In Q2 earnings calls, CEO Cook emphasized AI as "one of the most profound technologies of our time," committing to continue "significantly increasing investment" in the field. CFO Kevan Parekh stated capital expenditure growth is primarily driven by AI-related investments, with the company adopting a hybrid strategy investing in both first-party data centers and third-party infrastructure. Investors should expect increased capital expenditures, but "not exponential growth."
Markets believe Apple's AI investment scale falls far short of other giants, placing it at technological and strategic disadvantages. Internal reports suggest researchers face low morale due to overly strict data privacy protections preventing access to data needed for AI model training. Its slow software update cycles also lag far behind competitors. Reports indicate Meta Platforms, Inc. CEO Mark Zuckerberg is exploiting this internal dissatisfaction, using hundreds of millions in compensation packages to poach disgruntled AI engineers from Apple.
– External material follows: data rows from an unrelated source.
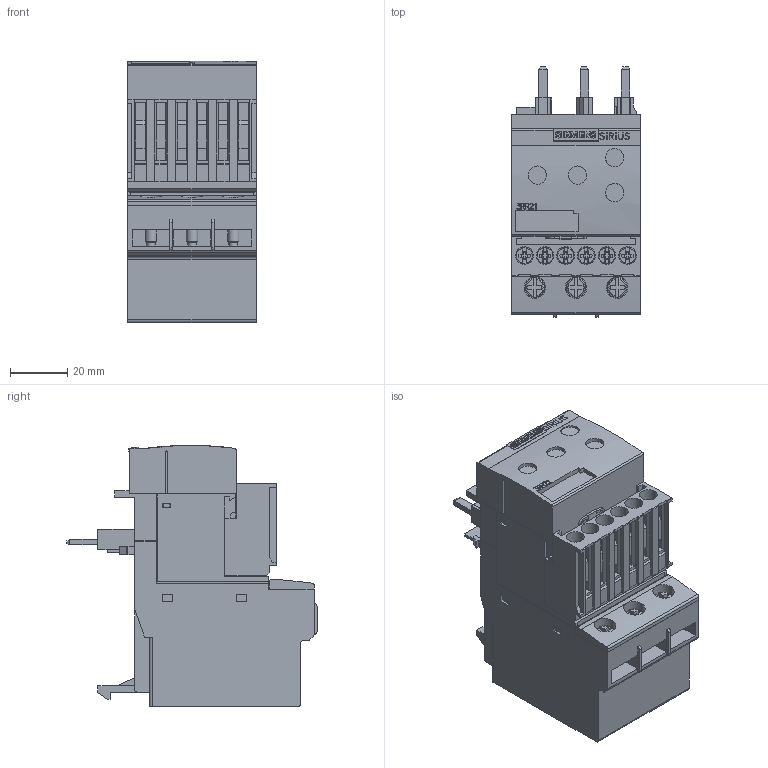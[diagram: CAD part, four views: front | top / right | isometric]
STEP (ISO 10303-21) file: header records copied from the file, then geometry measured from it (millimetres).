
FILE_DESCRIPTION(('STEP AP214'),'1');
FILE_NAME('cctmp_B8B09199-F4DC-43E7-A786-65C339168943_2023_07_21_11_03_11_0787..stp','2023-07-21T09:03:12',('SIEMENS A&D'),('CADClick - www.CADClick.com'),'Spatial InterOp 3D postprocessed',' ','unknown authorization');
FILE_SCHEMA(('AUTOMOTIVE_DESIGN'));
Length unit declared in the file: millimetre
Products named in the file (1): 2023_07_21_11_03_11_0742
Bounding box: 45 x 87.3 x 91.2 mm (x, y, z)
Volume: 194830.5 mm3; surface area: 44671.1 mm2
Topology: 1 solids, 1 shells, 1270 faces, 3619 edges, 2384 vertices
Faces by surface type: plane 1046, cylinder 152, cone 60, torus 12
Entity records: 45461 total; most frequent: CARTESIAN_POINT 8067, ORIENTED_EDGE 7238, DIRECTION 6627, EDGE_CURVE 3619, LINE 2967, VECTOR 2967, VERTEX_POINT 2384, AXIS2_PLACEMENT_3D 1830

Wedbush analysts suggest Apple cannot achieve AI innovation alone, with a $40 billion acquisition of Perplexity being the only path forward. Previous reports indicated Apple negotiated acquiring Perplexity when valued at $14 billion. A $40 billion acquisition would far exceed Apple's largest acquisition—the $3 billion Beats purchase in 2014—and become one of tech's most expensive AI-related acquisitions.
**Under Observation: Amazon's Challenge**
Amazon.com finds itself in an awkward position. Q2 earnings show it's a significant participant in the AI arms race with annual capital expenditures around $118 billion, but its core AI business—AWS cloud services—faces severe challenges.
Analysis suggests that while AWS remains a massive business with over $123 billion in annualized revenue, its 18% growth rate is far behind Microsoft Azure's 34% and Google Cloud's 32%. This raises strong investor skepticism about Amazon.com falling behind in generative AI.
Following earnings release, Amazon.com stock dropped 7%. CEO Andy Jassy spent eight minutes defending AWS during the earnings call. He highlighted the proprietary AI chip Trainium2, claiming "30% to 40% better price-performance than other GPU suppliers," and presented an AI tools "complete package" including programming assistant Kiro and Alexa+robotics, attempting to prove AWS has the long-term endurance and innovation capabilities to win the AI marathon.
However, markets await Amazon.com proving itself with more impressive growth data.